§ **EXERCISE DESCRIPTION**
Please copy the leading lines of the entries below exactly, concluding with the line in which "#34165=CARTESIAN_POINT('Origin',(0.,0.,0.));" occurs.

*** Opening SUPPLIED MATERIAL ***

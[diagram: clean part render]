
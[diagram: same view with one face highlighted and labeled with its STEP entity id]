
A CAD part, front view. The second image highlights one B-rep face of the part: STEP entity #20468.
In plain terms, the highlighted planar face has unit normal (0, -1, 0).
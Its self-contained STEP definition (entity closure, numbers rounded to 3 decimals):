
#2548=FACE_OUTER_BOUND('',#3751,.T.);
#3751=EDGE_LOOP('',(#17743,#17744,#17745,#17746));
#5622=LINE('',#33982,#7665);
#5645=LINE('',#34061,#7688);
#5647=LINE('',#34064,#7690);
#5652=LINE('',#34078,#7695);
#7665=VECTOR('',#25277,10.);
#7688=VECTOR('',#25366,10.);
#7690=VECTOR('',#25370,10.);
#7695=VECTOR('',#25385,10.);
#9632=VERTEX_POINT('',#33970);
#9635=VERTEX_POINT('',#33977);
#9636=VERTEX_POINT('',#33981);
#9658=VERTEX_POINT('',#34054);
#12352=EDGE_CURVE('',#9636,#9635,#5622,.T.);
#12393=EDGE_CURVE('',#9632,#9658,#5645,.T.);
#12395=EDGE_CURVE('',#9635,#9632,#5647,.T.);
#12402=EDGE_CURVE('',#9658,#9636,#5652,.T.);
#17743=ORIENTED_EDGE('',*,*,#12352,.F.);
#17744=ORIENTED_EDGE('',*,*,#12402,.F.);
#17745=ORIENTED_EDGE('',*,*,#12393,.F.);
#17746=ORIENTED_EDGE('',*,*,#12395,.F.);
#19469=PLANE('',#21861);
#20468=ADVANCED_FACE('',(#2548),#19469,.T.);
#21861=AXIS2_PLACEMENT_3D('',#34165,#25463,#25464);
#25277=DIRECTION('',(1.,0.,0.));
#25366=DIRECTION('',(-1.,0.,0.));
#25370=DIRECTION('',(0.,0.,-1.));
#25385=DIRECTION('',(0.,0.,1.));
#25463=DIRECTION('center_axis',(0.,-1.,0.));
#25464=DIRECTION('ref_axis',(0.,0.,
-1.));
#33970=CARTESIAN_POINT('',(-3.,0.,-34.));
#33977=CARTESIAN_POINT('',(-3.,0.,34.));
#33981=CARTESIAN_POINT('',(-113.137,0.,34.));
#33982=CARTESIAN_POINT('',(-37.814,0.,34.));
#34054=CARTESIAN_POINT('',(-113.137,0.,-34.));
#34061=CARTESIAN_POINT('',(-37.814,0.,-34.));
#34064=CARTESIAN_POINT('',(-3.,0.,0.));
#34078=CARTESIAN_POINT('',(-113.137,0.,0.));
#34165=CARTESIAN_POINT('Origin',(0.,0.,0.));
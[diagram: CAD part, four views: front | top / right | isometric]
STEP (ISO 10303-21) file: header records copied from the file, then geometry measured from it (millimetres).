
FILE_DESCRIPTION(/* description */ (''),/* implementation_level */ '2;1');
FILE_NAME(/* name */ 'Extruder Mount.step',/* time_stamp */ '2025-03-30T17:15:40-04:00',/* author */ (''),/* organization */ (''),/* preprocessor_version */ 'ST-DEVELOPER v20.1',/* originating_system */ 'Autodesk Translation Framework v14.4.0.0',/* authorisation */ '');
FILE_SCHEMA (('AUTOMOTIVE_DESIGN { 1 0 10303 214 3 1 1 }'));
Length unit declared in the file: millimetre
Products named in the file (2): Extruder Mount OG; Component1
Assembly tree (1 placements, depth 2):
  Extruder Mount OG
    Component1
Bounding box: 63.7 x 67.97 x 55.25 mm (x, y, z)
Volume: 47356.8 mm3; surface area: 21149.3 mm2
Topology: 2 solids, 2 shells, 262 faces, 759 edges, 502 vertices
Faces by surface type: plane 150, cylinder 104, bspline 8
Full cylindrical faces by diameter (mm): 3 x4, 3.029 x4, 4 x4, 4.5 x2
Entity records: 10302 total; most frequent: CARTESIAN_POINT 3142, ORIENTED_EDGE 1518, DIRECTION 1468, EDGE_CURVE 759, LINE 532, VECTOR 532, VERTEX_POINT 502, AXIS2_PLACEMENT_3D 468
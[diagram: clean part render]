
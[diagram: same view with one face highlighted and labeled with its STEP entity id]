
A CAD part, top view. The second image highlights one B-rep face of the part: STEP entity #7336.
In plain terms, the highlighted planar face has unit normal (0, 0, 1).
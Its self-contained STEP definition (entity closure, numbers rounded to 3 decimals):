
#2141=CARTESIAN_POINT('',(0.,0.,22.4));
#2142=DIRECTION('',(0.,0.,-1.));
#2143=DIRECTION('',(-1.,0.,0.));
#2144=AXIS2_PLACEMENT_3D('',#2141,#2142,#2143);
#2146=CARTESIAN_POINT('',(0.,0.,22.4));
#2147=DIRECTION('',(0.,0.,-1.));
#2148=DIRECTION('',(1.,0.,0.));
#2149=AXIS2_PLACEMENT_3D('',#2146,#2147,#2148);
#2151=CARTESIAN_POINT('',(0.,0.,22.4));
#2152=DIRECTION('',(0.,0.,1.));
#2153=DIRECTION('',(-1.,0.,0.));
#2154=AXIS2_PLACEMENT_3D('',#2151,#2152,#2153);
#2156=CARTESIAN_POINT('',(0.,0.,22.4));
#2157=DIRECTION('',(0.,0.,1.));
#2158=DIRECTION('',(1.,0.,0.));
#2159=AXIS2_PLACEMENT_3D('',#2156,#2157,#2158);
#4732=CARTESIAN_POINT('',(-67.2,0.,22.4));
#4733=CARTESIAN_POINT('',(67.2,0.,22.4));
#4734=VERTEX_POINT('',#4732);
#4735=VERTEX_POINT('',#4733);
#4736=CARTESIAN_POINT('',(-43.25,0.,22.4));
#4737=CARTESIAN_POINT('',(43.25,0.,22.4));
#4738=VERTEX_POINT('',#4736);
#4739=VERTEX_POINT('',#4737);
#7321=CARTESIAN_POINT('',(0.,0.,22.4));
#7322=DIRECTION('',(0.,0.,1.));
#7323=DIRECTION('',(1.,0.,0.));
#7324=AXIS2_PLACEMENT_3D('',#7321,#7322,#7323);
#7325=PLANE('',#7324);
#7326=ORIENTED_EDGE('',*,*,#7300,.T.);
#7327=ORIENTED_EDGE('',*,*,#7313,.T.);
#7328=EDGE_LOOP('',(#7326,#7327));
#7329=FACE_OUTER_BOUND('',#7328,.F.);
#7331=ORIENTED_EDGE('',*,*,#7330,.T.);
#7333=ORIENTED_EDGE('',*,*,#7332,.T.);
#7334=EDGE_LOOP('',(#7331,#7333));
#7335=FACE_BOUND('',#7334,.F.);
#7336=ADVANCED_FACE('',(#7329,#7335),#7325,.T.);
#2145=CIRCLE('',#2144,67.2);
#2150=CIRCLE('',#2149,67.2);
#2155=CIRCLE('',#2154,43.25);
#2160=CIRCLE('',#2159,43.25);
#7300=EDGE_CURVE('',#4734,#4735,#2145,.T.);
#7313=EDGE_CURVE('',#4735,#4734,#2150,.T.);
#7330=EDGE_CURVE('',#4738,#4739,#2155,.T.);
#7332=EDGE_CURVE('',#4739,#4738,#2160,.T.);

*** Closing SUPPLIED MATERIAL ***

§ **ANSWER SECTION**
[diagram: clean part render]
[diagram: same view with one face highlighted and labeled with its STEP entity id]
A CAD part, front view. The second image highlights one B-rep face of the part: STEP entity #20468.
In plain terms, the highlighted planar face has unit normal (0, -1, 0).
Its self-contained STEP definition (entity closure, numbers rounded to 3 decimals):
#2548=FACE_OUTER_BOUND('',#3751,.T.);
#3751=EDGE_LOOP('',(#17743,#17744,#17745,#17746));
#5622=LINE('',#33982,#7665);
#5645=LINE('',#34061,#7688);
#5647=LINE('',#34064,#7690);
#5652=LINE('',#34078,#7695);
#7665=VECTOR('',#25277,10.);
#7688=VECTOR('',#25366,10.);
#7690=VECTOR('',#25370,10.);
#7695=VECTOR('',#25385,10.);
#9632=VERTEX_POINT('',#33970);
#9635=VERTEX_POINT('',#33977);
#9636=VERTEX_POINT('',#33981);
#9658=VERTEX_POINT('',#34054);
#12352=EDGE_CURVE('',#9636,#9635,#5622,.T.);
#12393=EDGE_CURVE('',#9632,#9658,#5645,.T.);
#12395=EDGE_CURVE('',#9635,#9632,#5647,.T.);
#12402=EDGE_CURVE('',#9658,#9636,#5652,.T.);
#17743=ORIENTED_EDGE('',*,*,#12352,.F.);
#17744=ORIENTED_EDGE('',*,*,#12402,.F.);
#17745=ORIENTED_EDGE('',*,*,#12393,.F.);
#17746=ORIENTED_EDGE('',*,*,#12395,.F.);
#19469=PLANE('',#21861);
#20468=ADVANCED_FACE('',(#2548),#19469,.T.);
#21861=AXIS2_PLACEMENT_3D('',#34165,#25463,#25464);
#25277=DIRECTION('',(1.,0.,0.));
#25366=DIRECTION('',(-1.,0.,0.));
#25370=DIRECTION('',(0.,0.,-1.));
#25385=DIRECTION('',(0.,0.,1.));
#25463=DIRECTION('center_axis',(0.,-1.,0.));
#25464=DIRECTION('ref_axis',(0.,0.,
-1.));
#33970=CARTESIAN_POINT('',(-3.,0.,-34.));
#33977=CARTESIAN_POINT('',(-3.,0.,34.));
#33981=CARTESIAN_POINT('',(-113.137,0.,34.));
#33982=CARTESIAN_POINT('',(-37.814,0.,34.));
#34054=CARTESIAN_POINT('',(-113.137,0.,-34.));
#34061=CARTESIAN_POINT('',(-37.814,0.,-34.));
#34064=CARTESIAN_POINT('',(-3.,0.,0.));
#34078=CARTESIAN_POINT('',(-113.137,0.,0.));
#34165=CARTESIAN_POINT('Origin',(0.,0.,0.));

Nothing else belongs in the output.